# holster fit of XD45 vs other service XD's



## babs (Nov 30, 2007)

My thread here about a tight holster fit brings up a question I thought might warrant it's own thread.. If Springfield actually posted width spec's it'd be an easy look up, but... 

Is there a significant dimensional differences in the XD45 frame/slide/trigger-guard dimensions like my .45 Compact verses the other 4" XD's such as the 9mm or .40 S&W or .357 Sig?

Should holster fit for any XD typically also include the .45?

Discuss.. :smt033


----------



## TOF (Sep 7, 2006)

Lacking specific information from Springfield the Holster Manufacturers are your next best source of information. Prior to posting an opinion in your related post I visited Blade Tech's web page where I determined they manufacture and market holsters specific to the XD45 series and another set of comparable holsters specific to the XD9/40 series. I could but don't plan to visit Galco, Don Hume etc and will most likely find the same situation should I do so.

You might want to verify or disprove my finding by visiting those and some other Holster manufacturer web sites.

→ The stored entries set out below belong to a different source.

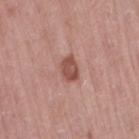Q: Was this lesion biopsied?
A: imaged on a skin check; not biopsied
Q: What are the patient's age and sex?
A: female, in their mid- to late 60s
Q: Where on the body is the lesion?
A: the right thigh
Q: Lesion size?
A: ≈3 mm
Q: What is the imaging modality?
A: ~15 mm crop, total-body skin-cancer survey
Q: Illumination type?
A: white-light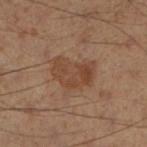No biopsy was performed on this lesion — it was imaged during a full skin examination and was not determined to be concerning. The tile uses cross-polarized illumination. From the right lower leg. A male patient in their 50s. Approximately 4.5 mm at its widest. A lesion tile, about 15 mm wide, cut from a 3D total-body photograph.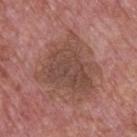biopsy_status: not biopsied; imaged during a skin examination
image:
  source: total-body photography crop
  field_of_view_mm: 15
site: upper back
patient:
  sex: male
  age_approx: 75
lighting: white-light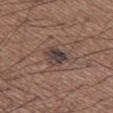notes: imaged on a skin check; not biopsied | tile lighting: white-light | patient: male, about 65 years old | imaging modality: 15 mm crop, total-body photography | size: ~3 mm (longest diameter) | body site: the left thigh.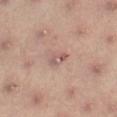{"biopsy_status": "not biopsied; imaged during a skin examination", "patient": {"sex": "male", "age_approx": 55}, "image": {"source": "total-body photography crop", "field_of_view_mm": 15}, "lighting": "cross-polarized", "site": "right thigh"}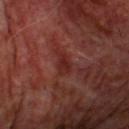The lesion was photographed on a routine skin check and not biopsied; there is no pathology result.
The lesion is located on the chest.
Automated image analysis of the tile measured a lesion area of about 4 mm², an outline eccentricity of about 0.75 (0 = round, 1 = elongated), and a shape-asymmetry score of about 0.35 (0 = symmetric). The analysis additionally found peripheral color asymmetry of about 1. The software also gave a nevus-likeness score of about 0/100.
The patient is a male aged 68 to 72.
Captured under cross-polarized illumination.
Longest diameter approximately 3 mm.
A 15 mm close-up tile from a total-body photography series done for melanoma screening.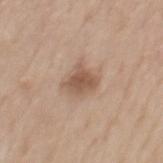Assessment: Recorded during total-body skin imaging; not selected for excision or biopsy. Clinical summary: A male subject, in their mid-60s. Automated tile analysis of the lesion measured a lesion area of about 6.5 mm², an outline eccentricity of about 0.4 (0 = round, 1 = elongated), and a symmetry-axis asymmetry near 0.35. The analysis additionally found a nevus-likeness score of about 65/100 and a lesion-detection confidence of about 100/100. Measured at roughly 3 mm in maximum diameter. This is a white-light tile. The lesion is on the mid back. Cropped from a total-body skin-imaging series; the visible field is about 15 mm.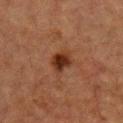Clinical impression: Part of a total-body skin-imaging series; this lesion was reviewed on a skin check and was not flagged for biopsy. Clinical summary: On the chest. Captured under cross-polarized illumination. Measured at roughly 2.5 mm in maximum diameter. A 15 mm close-up tile from a total-body photography series done for melanoma screening. A male patient aged 48 to 52.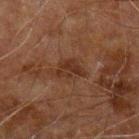Q: Is there a histopathology result?
A: catalogued during a skin exam; not biopsied
Q: Where on the body is the lesion?
A: the left upper arm
Q: What did automated image analysis measure?
A: a footprint of about 6 mm², a shape eccentricity near 0.7, and a shape-asymmetry score of about 0.3 (0 = symmetric); an average lesion color of about L≈24 a*≈16 b*≈23 (CIELAB), about 6 CIELAB-L* units darker than the surrounding skin, and a normalized border contrast of about 6.5; a border-irregularity rating of about 3.5/10, a within-lesion color-variation index near 3/10, and radial color variation of about 1; lesion-presence confidence of about 100/100
Q: Illumination type?
A: cross-polarized
Q: Patient demographics?
A: male, roughly 60 years of age
Q: What kind of image is this?
A: 15 mm crop, total-body photography
Q: How large is the lesion?
A: ~3.5 mm (longest diameter)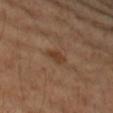biopsy_status: not biopsied; imaged during a skin examination
image:
  source: total-body photography crop
  field_of_view_mm: 15
lesion_size:
  long_diameter_mm_approx: 3.0
site: right forearm
patient:
  sex: female
  age_approx: 60
lighting: cross-polarized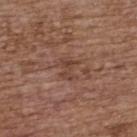Cropped from a total-body skin-imaging series; the visible field is about 15 mm. The lesion-visualizer software estimated an eccentricity of roughly 0.7 and two-axis asymmetry of about 0.4. It also reported an average lesion color of about L≈42 a*≈20 b*≈26 (CIELAB), about 7 CIELAB-L* units darker than the surrounding skin, and a normalized border contrast of about 6. And it measured a border-irregularity rating of about 5.5/10, internal color variation of about 1 on a 0–10 scale, and radial color variation of about 0. It also reported a nevus-likeness score of about 0/100 and a lesion-detection confidence of about 85/100. A female subject, aged 63–67. The tile uses white-light illumination. About 2.5 mm across. The lesion is located on the upper back.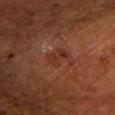The lesion was photographed on a routine skin check and not biopsied; there is no pathology result. About 2.5 mm across. The subject is a male aged approximately 80. Imaged with cross-polarized lighting. The total-body-photography lesion software estimated a lesion area of about 4.5 mm², an eccentricity of roughly 0.75, and two-axis asymmetry of about 0.35. The analysis additionally found a mean CIELAB color near L≈24 a*≈19 b*≈22 and about 5 CIELAB-L* units darker than the surrounding skin. A close-up tile cropped from a whole-body skin photograph, about 15 mm across. The lesion is located on the left lower leg.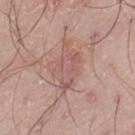| feature | finding |
|---|---|
| biopsy status | total-body-photography surveillance lesion; no biopsy |
| lighting | white-light illumination |
| patient | male, approximately 20 years of age |
| automated metrics | roughly 8 lightness units darker than nearby skin and a lesion-to-skin contrast of about 5.5 (normalized; higher = more distinct); border irregularity of about 4.5 on a 0–10 scale, internal color variation of about 3 on a 0–10 scale, and a peripheral color-asymmetry measure near 1 |
| diameter | ~5.5 mm (longest diameter) |
| image | ~15 mm crop, total-body skin-cancer survey |
| body site | the left thigh |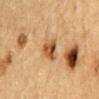* workup: imaged on a skin check; not biopsied
* image-analysis metrics: an area of roughly 6 mm² and an outline eccentricity of about 0.5 (0 = round, 1 = elongated); an average lesion color of about L≈46 a*≈18 b*≈35 (CIELAB), roughly 12 lightness units darker than nearby skin, and a normalized border contrast of about 9; a border-irregularity index near 2.5/10 and a within-lesion color-variation index near 7/10
* anatomic site: the back
* subject: male, aged around 85 or older
* lesion size: about 2.5 mm
* tile lighting: cross-polarized illumination
* imaging modality: ~15 mm tile from a whole-body skin photo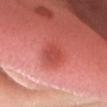The lesion was tiled from a total-body skin photograph and was not biopsied. Captured under white-light illumination. A 15 mm close-up tile from a total-body photography series done for melanoma screening. An algorithmic analysis of the crop reported a lesion area of about 6.5 mm², an eccentricity of roughly 0.6, and two-axis asymmetry of about 0.2. The analysis additionally found a lesion color around L≈51 a*≈38 b*≈32 in CIELAB, a lesion–skin lightness drop of about 9, and a normalized lesion–skin contrast near 6. And it measured a border-irregularity index near 2/10, a within-lesion color-variation index near 2.5/10, and a peripheral color-asymmetry measure near 1. About 3 mm across. The lesion is on the head or neck. The subject is a female aged approximately 45.

Edit: I should have mentioned the XDM Requires yet another model specific series of Holsters.


----------



## babs (Nov 30, 2007)

Just sampled one belt holster at Galco.. 
The "Concealable Belt Holster":
Same part# for either 9/40 or 45.

In other thread I'm posting response from Blackhawk on my leather holster "it'll be tight but will loosen up.. Should fit the 45".


----------